Neil Parnell aka Tronik Youth and his label Nein Records are a staple part of our festival. They’ve been involved since the beginning, and next year celebrate nine years of Nein with two stage takeovers across the festival weekend. The first party will take place in the Cowbell Tent on the Friday night, before a big finale at the brand new Bunker stage, on the Sunday evening. Neil & co will be bringing some extra special guests to mark the occasion! Ahead of the parties, Harry had a chat with Neil about his first foray into the world of electronic music, memorable parties he’s played at, artists that have his attention at the moment, and balancing the label around DJing and producing. 

Harry: At next year’s Alfresco we celebrate nine years of Nein! Take us back to where it all began… What was your way into the world of electronic music? 

Neil: As a kid growing up, I was very into 80s Synth Pop. I liked rock, pop, and disco as a kid, but never really loved any of that. Synth Pop was the first music I loved because it sounded futuristic, it was different and interesting. I was part of that generation of kids who saw Star Wars when it first came out, and it absolutely blew my mind. So, anything with futuristic connotations really caught my attention. Early electro, like Kraftwerk and Afrika Bambaataa’s Planet Rock, all sounded like music from the future. I guess that was it really, after that, anything with a guitar in it just sounded a bit boring for me. 

Harry: Were you hearing the spacey sounding, Synth Pop and Kraftwerk type records from your parents, or were you getting your musical education from the radio?
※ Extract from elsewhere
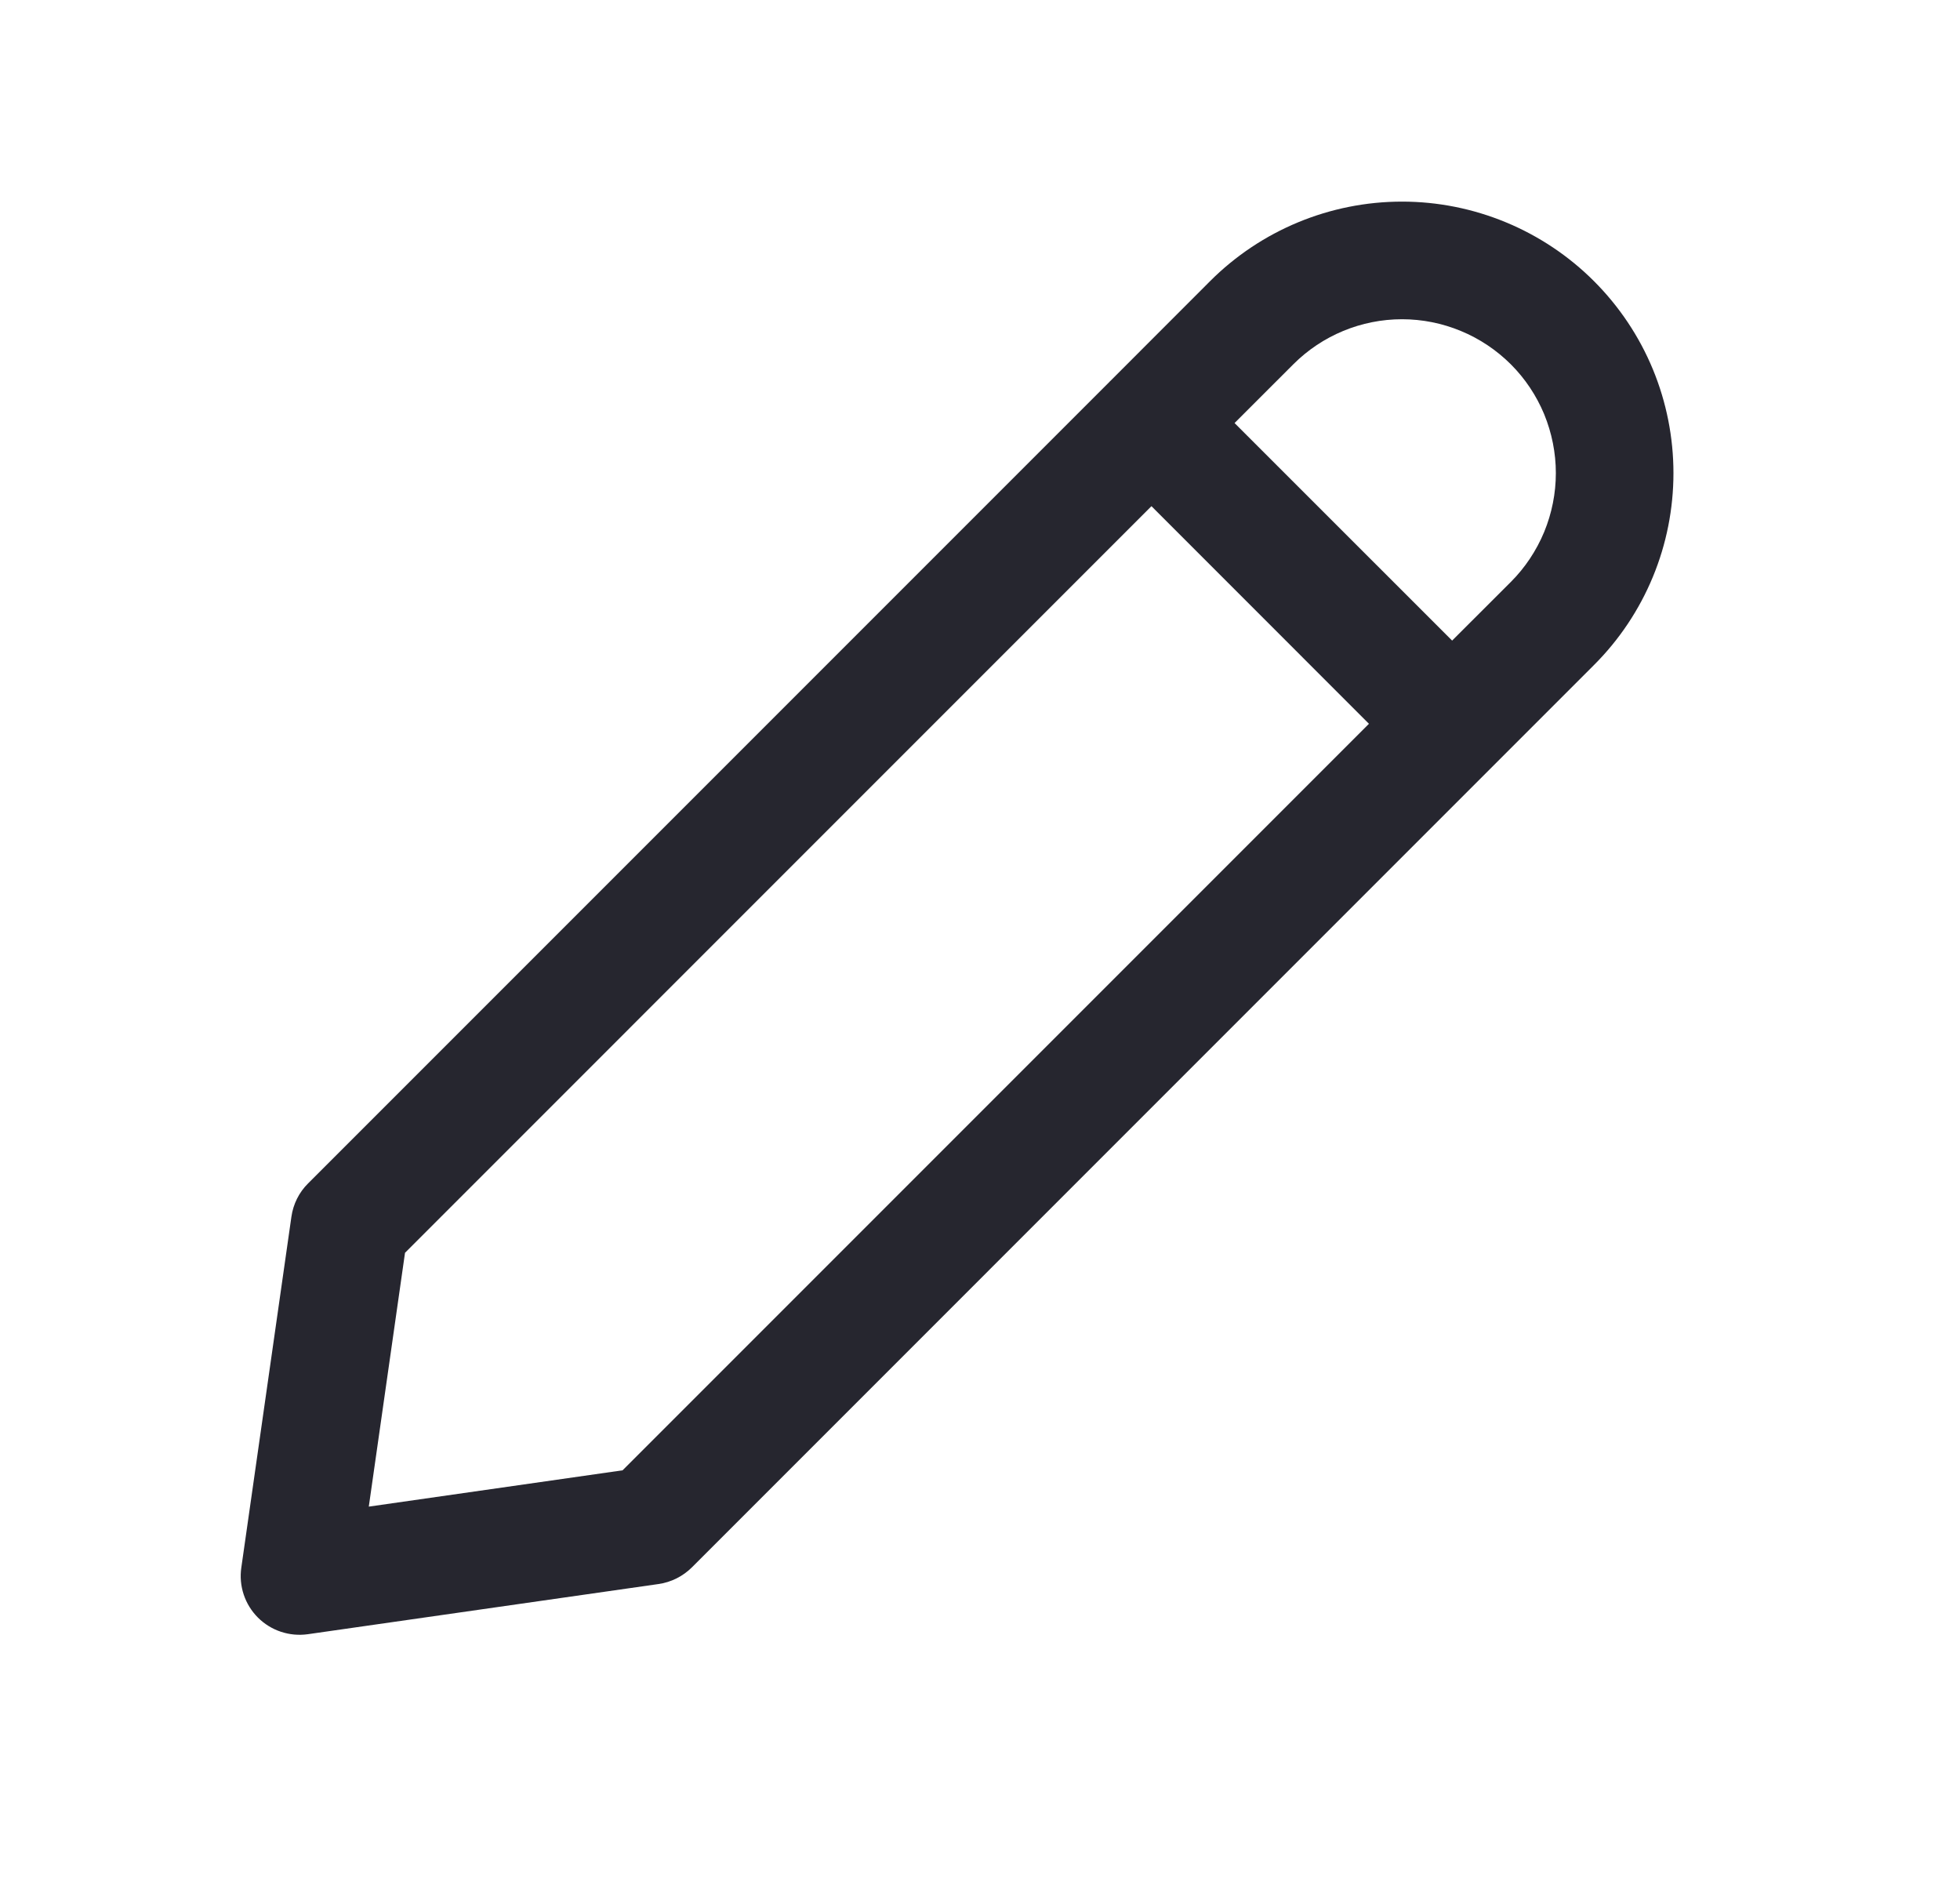 <svg width="25" height="24" viewBox="0 0 25 24" fill="none" xmlns="http://www.w3.org/2000/svg">
<path fill-rule="evenodd" clip-rule="evenodd" d="M16.496 4.646C16.864 4.278 17.363 4.071 17.883 4.071C18.141 4.071 18.396 4.122 18.634 4.221C18.872 4.319 19.088 4.464 19.271 4.646C19.453 4.828 19.597 5.044 19.696 5.282C19.794 5.521 19.845 5.776 19.845 6.033C19.845 6.291 19.794 6.546 19.696 6.784C19.597 7.022 19.453 7.239 19.271 7.421L18.522 8.169L15.747 5.395L16.496 4.646ZM14.151 4.87L3.929 15.092C3.814 15.206 3.74 15.355 3.717 15.516L3.078 19.991C3.044 20.225 3.123 20.461 3.29 20.628C3.457 20.795 3.693 20.873 3.927 20.84L8.401 20.2C8.561 20.177 8.71 20.102 8.825 19.988L20.331 8.481C20.653 8.16 20.908 7.778 21.082 7.358C21.256 6.938 21.345 6.488 21.345 6.033C21.345 5.579 21.256 5.129 21.082 4.708C20.908 4.288 20.653 3.907 20.331 3.585C20.01 3.264 19.628 3.009 19.208 2.835C18.788 2.661 18.338 2.571 17.883 2.571C16.965 2.571 16.084 2.936 15.435 3.585L14.162 4.859C14.16 4.861 14.158 4.862 14.156 4.864C14.154 4.866 14.153 4.868 14.151 4.87ZM14.687 6.455L17.461 9.23L7.941 18.75L4.704 19.213L5.166 15.976L14.687 6.455Z" fill="#26262F"/>
</svg>

Neil: My parents were kids of the 60s. They played more funk & soul from the likes of Stevie Wonder and  Barry White, so I didn’t hear a lot of the music I was into from them. But, they’d buy these disco compilation records and there would always be a couple on those that stood out for me. These would be the records on the edge of disco by Cerrone, Donna Summer, Giorgio Moroder, Patrick Cowley etc. I particularly remember ‘Magic Fly’ by Space being a big influence. But yeah, I mostly found this music from the radio really; John Peel, late night on radio 1, that’s the only place I could hear it really.

Harry: When did you start mixing records together?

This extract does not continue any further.